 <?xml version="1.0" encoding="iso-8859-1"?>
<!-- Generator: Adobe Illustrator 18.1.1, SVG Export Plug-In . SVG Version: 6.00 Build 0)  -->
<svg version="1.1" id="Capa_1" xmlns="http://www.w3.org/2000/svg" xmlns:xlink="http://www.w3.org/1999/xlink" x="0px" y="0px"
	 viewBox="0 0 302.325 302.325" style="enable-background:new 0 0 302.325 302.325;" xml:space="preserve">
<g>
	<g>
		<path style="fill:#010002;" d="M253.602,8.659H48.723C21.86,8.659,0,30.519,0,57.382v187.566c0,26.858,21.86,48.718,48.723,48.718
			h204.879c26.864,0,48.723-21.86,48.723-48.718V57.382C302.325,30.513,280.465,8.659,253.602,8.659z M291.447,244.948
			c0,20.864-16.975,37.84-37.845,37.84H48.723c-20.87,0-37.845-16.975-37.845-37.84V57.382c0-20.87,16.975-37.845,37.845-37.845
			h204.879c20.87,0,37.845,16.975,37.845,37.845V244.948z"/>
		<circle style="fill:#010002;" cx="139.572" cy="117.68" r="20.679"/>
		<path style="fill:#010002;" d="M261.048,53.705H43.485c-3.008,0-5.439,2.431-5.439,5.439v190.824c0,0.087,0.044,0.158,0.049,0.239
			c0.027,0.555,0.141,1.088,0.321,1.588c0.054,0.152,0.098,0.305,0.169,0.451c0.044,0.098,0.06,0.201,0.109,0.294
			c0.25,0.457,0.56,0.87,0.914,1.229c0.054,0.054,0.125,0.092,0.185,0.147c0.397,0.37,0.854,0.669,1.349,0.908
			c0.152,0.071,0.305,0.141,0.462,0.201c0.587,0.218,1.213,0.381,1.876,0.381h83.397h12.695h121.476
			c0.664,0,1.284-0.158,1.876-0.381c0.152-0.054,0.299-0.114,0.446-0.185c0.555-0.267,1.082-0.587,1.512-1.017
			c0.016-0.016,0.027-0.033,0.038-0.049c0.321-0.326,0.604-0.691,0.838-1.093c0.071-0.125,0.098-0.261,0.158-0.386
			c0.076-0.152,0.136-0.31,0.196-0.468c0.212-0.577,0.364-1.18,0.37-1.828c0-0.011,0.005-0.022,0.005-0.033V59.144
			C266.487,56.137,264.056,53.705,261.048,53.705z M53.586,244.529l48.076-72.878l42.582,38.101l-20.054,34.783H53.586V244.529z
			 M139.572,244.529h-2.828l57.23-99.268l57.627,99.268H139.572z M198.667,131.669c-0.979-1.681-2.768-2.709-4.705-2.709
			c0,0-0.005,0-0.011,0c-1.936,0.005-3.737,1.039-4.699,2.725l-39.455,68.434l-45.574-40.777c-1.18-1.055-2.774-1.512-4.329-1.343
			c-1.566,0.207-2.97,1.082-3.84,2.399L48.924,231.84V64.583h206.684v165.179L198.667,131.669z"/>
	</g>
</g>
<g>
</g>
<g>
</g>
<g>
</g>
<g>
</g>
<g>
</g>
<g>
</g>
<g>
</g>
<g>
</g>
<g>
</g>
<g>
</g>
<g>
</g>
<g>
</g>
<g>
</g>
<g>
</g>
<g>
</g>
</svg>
....................
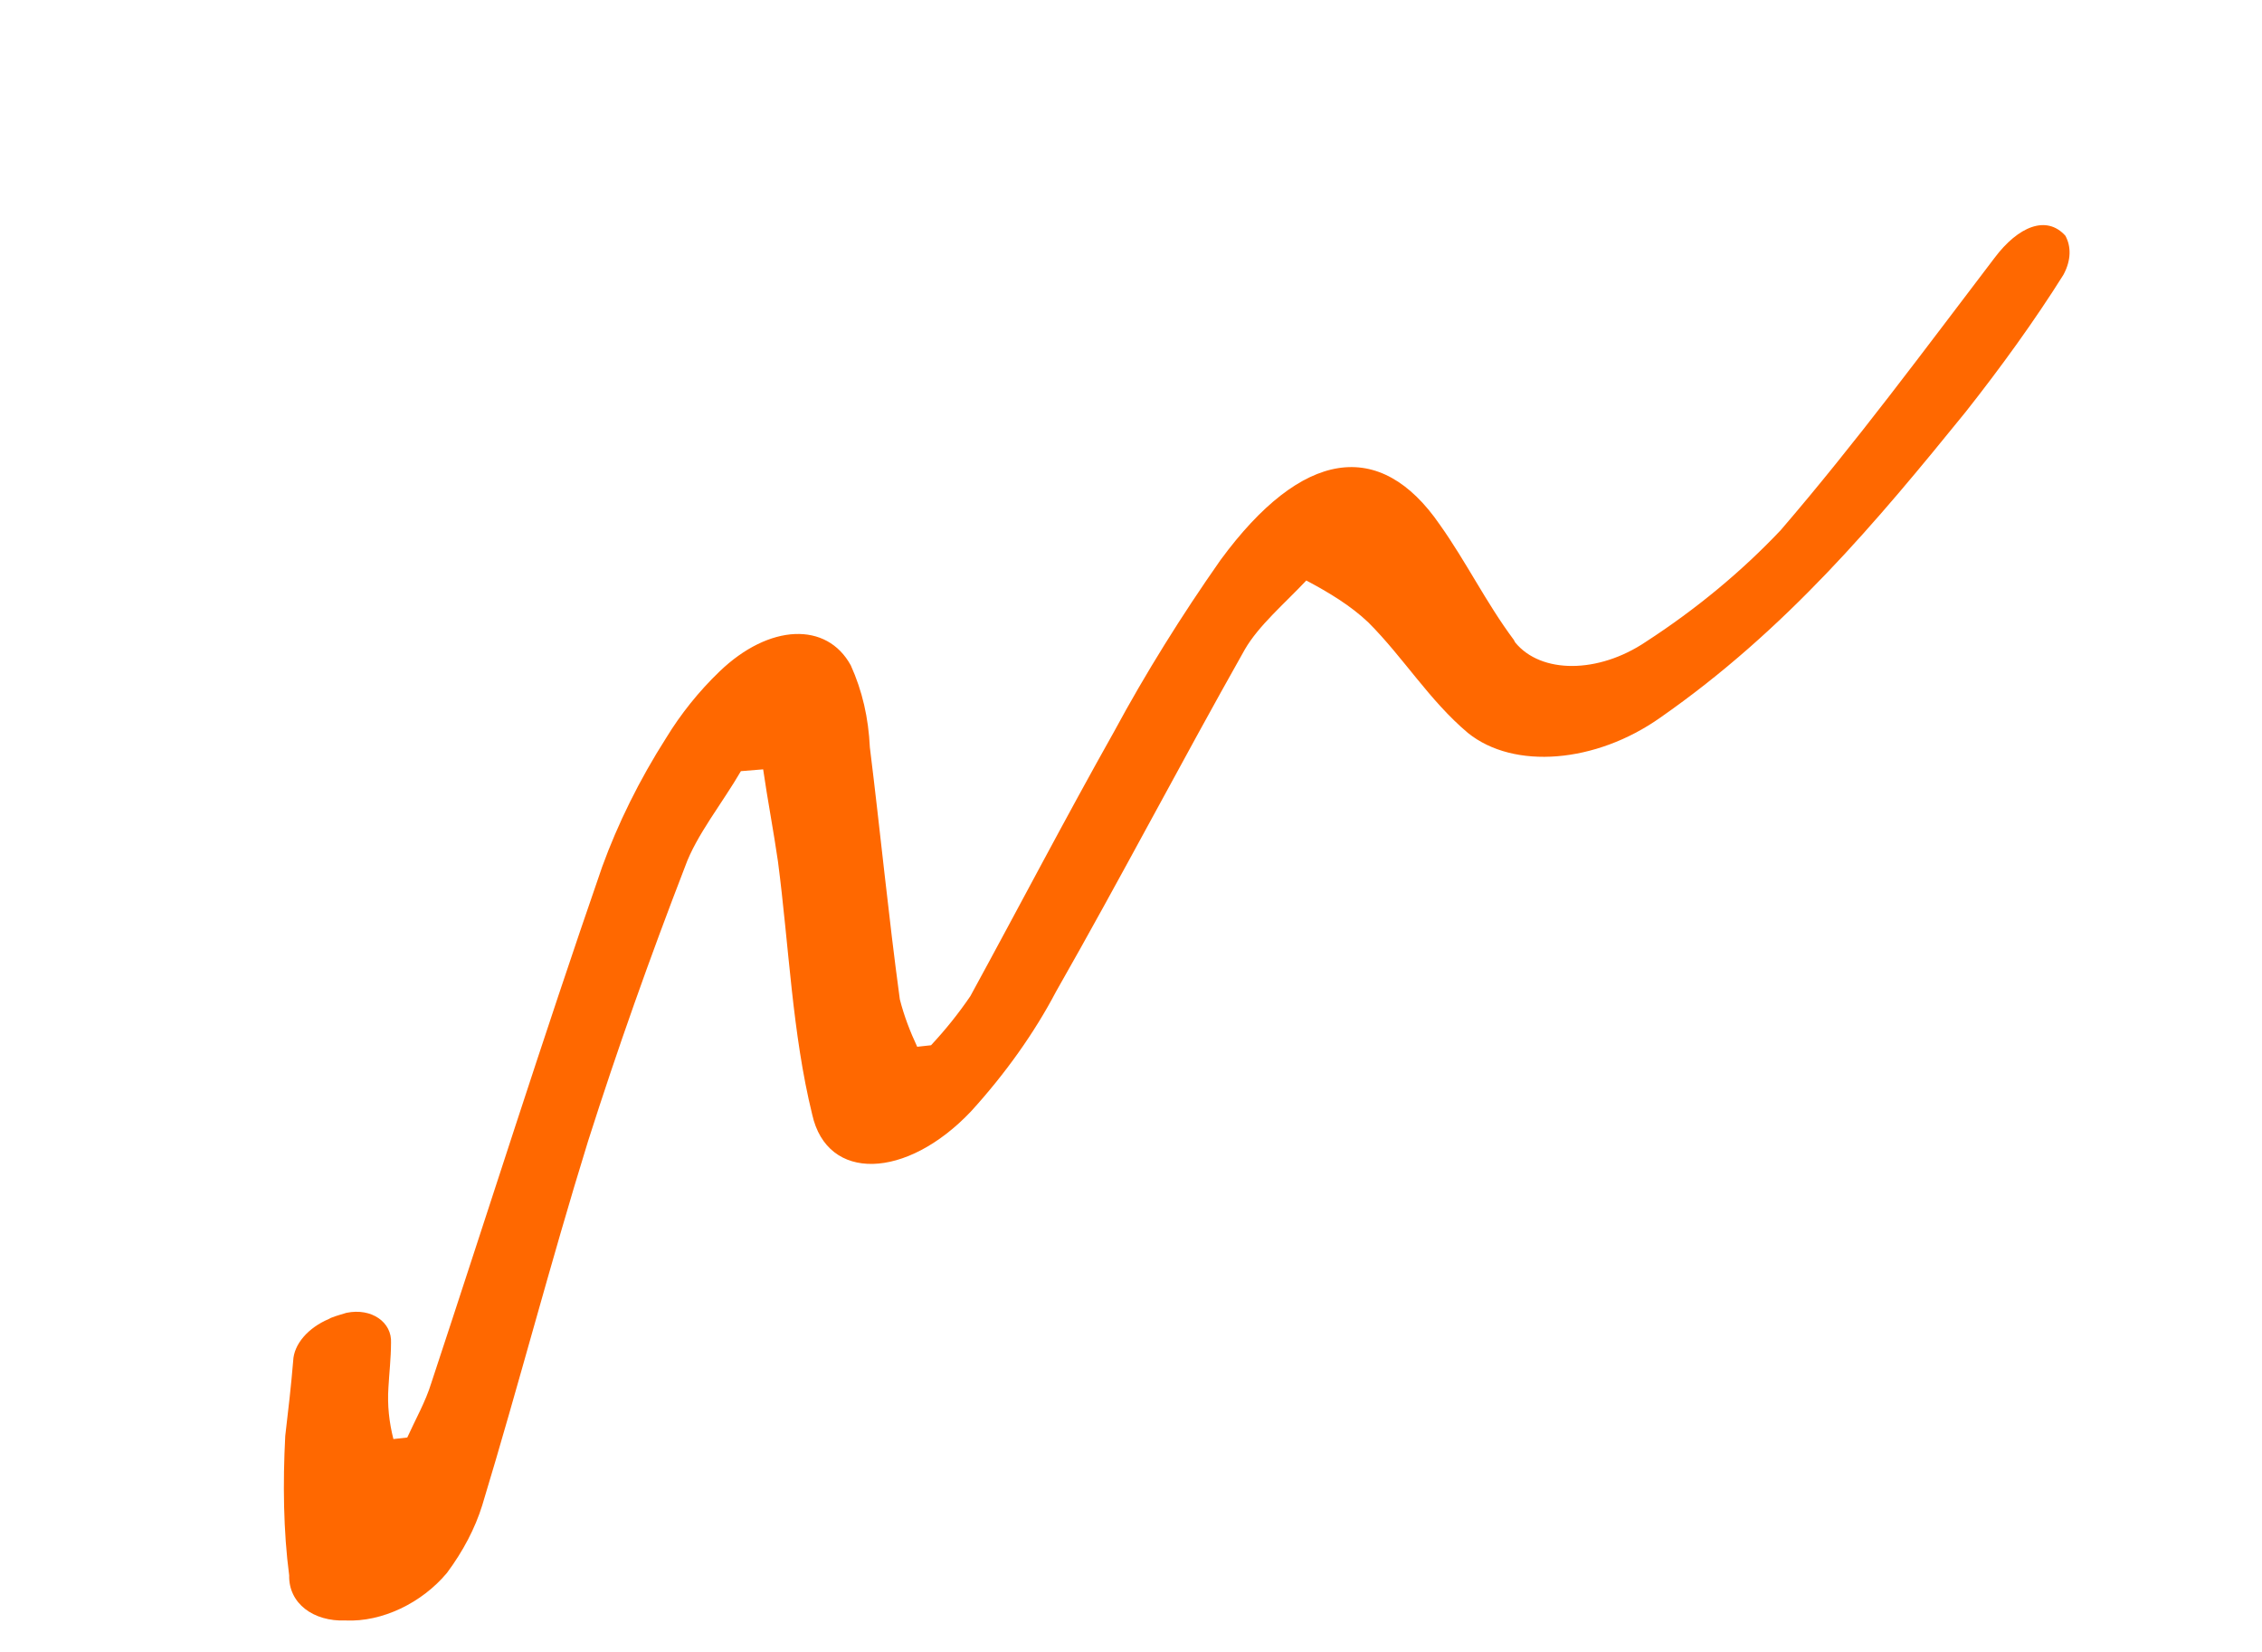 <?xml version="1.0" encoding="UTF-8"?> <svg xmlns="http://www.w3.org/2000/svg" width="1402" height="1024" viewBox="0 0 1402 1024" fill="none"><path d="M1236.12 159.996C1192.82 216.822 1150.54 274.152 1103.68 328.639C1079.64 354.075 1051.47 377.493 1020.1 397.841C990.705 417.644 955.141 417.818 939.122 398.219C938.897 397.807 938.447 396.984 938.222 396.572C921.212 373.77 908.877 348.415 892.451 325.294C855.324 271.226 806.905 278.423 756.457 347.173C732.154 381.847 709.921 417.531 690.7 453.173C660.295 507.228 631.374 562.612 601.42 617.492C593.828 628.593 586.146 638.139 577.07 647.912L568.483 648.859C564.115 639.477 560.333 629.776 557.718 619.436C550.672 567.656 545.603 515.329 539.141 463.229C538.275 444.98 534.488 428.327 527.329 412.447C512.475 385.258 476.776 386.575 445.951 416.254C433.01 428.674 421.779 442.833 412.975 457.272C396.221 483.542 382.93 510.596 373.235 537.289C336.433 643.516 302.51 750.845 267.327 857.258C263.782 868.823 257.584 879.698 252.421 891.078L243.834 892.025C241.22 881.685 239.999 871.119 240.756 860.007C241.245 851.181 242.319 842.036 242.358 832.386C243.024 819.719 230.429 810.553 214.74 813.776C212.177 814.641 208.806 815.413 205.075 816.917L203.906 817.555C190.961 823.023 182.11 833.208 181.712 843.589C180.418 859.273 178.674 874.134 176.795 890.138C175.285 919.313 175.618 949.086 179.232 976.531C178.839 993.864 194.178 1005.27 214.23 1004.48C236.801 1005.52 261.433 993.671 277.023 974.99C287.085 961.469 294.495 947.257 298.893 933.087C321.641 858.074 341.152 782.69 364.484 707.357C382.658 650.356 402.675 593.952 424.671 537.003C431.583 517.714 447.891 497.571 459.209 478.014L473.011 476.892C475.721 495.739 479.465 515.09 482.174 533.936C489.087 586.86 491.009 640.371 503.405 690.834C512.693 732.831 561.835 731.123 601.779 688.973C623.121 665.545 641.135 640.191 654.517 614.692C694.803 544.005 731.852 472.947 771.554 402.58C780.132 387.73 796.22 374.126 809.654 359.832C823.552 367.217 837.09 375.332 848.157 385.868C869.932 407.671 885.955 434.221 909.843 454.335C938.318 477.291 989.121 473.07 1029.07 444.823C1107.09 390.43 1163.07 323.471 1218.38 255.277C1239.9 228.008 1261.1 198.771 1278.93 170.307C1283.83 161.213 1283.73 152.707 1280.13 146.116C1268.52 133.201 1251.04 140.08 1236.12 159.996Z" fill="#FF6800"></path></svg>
....................
• [The problem]
All lines of the records containing "style" should be shown.

• [Task output]
	 viewBox="0 0 302.325 302.325" style="enable-background:new 0 0 302.325 302.325;" xml:space="preserve">
		<path style="fill:#010002;" d="M253.602,8.659H48.723C21.86,8.659,0,30.519,0,57.382v187.566c0,26.858,21.86,48.718,48.723,48.718
		<circle style="fill:#010002;" cx="139.572" cy="117.68" r="20.679"/>
		<path style="fill:#010002;" d="M261.048,53.705H43.485c-3.008,0-5.439,2.431-5.439,5.439v190.824c0,0.087,0.044,0.158,0.049,0.239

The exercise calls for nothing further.